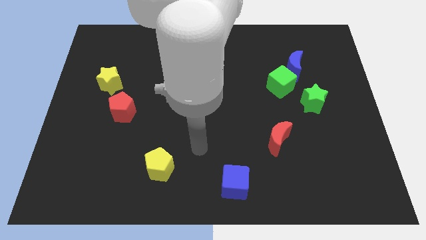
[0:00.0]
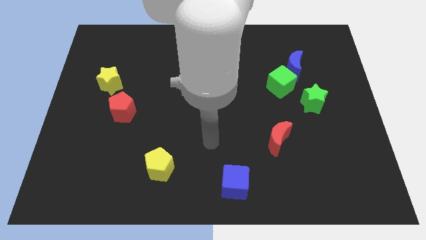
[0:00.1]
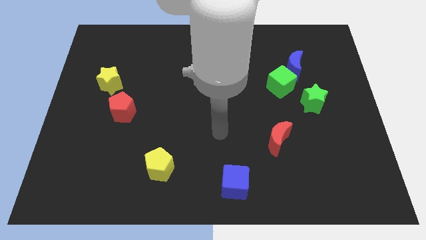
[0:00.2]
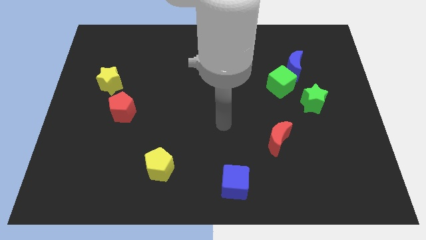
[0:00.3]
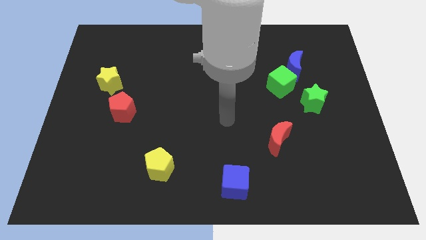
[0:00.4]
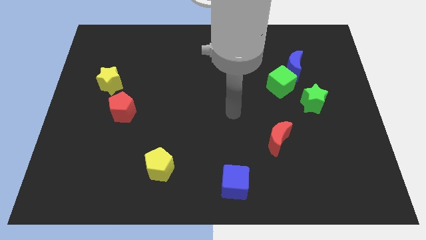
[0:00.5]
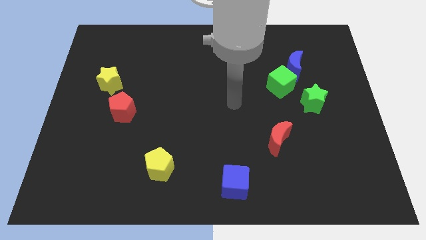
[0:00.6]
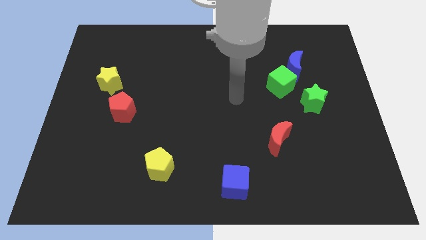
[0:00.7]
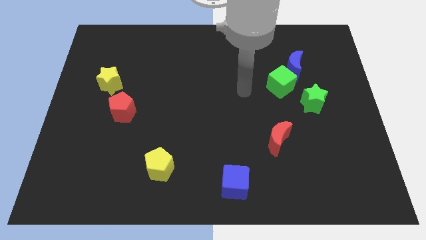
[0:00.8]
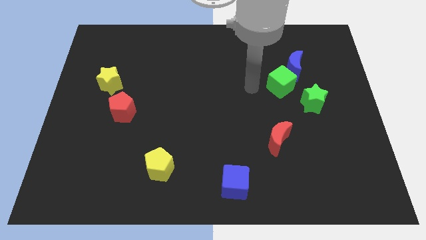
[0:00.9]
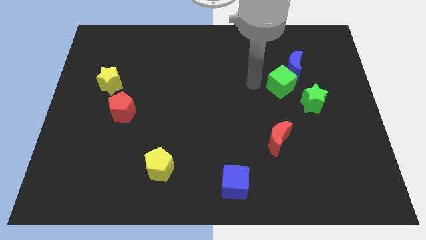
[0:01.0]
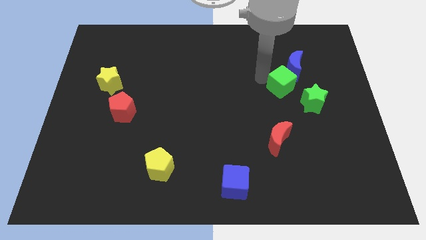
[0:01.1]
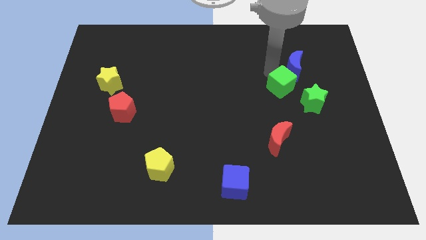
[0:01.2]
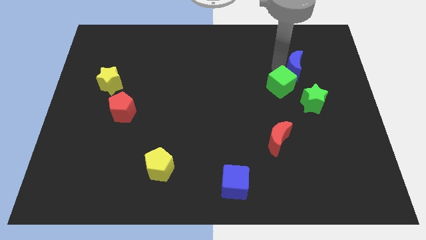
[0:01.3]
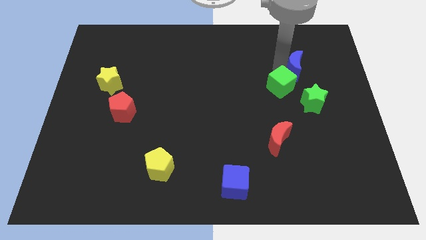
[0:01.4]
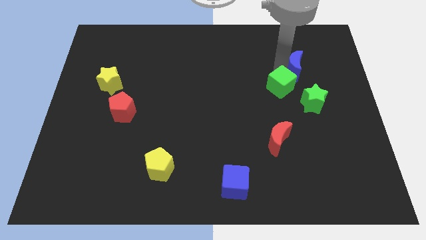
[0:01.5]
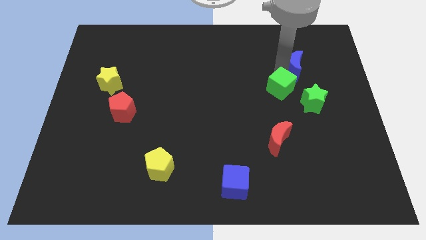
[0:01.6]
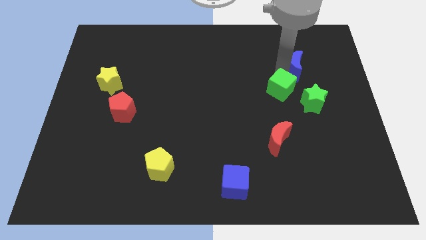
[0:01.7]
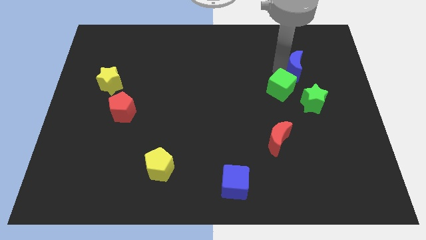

▶ _Action item_
Please retype the records above exactly, leaving every image out.

▶ _Answer section_
[0:00.0]
[0:00.1]
[0:00.2]
[0:00.3]
[0:00.4]
[0:00.5]
[0:00.6]
[0:00.7]
[0:00.8]
[0:00.9]
[0:01.0]
[0:01.1]
[0:01.2]
[0:01.3]
[0:01.4]
[0:01.5]
[0:01.6]
[0:01.7]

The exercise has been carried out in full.